→ **What to do**
Restate each record word for word, omitting whatever pictures it holds.

[Records drawn from a dataset]
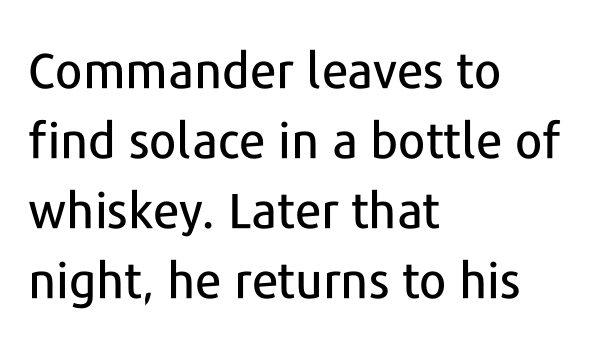
Q: Is the text italic (slanted)? A: No, it is upright.
Q: Is the typeface a serif or a sans-serif typeface? A: Sans-serif.
Q: Is the text underlined? A: No.
Q: How is the paragraph aligned? A: Left-aligned.
Q: Is the spacing between letters normal or unusually wide? A: Normal.
Q: Is the spacing between lines tight, normal or loose? A: Normal.
Q: Width (condensed, normal, or wide)? A: Normal.
Q: Stroke contrast? A: Low.
Q: x-height? A: Medium.
Q: Monospaced? A: No.

→ **Response for this exercise**
Q: Is the text italic (slanted)? A: No, it is upright.
Q: Is the typeface a serif or a sans-serif typeface? A: Sans-serif.
Q: Is the text underlined? A: No.
Q: How is the paragraph aligned? A: Left-aligned.
Q: Is the spacing between letters normal or unusually wide? A: Normal.
Q: Is the spacing between lines tight, normal or loose? A: Normal.
Q: Width (condensed, normal, or wide)? A: Normal.
Q: Stroke contrast? A: Low.
Q: x-height? A: Medium.
Q: Monospaced? A: No.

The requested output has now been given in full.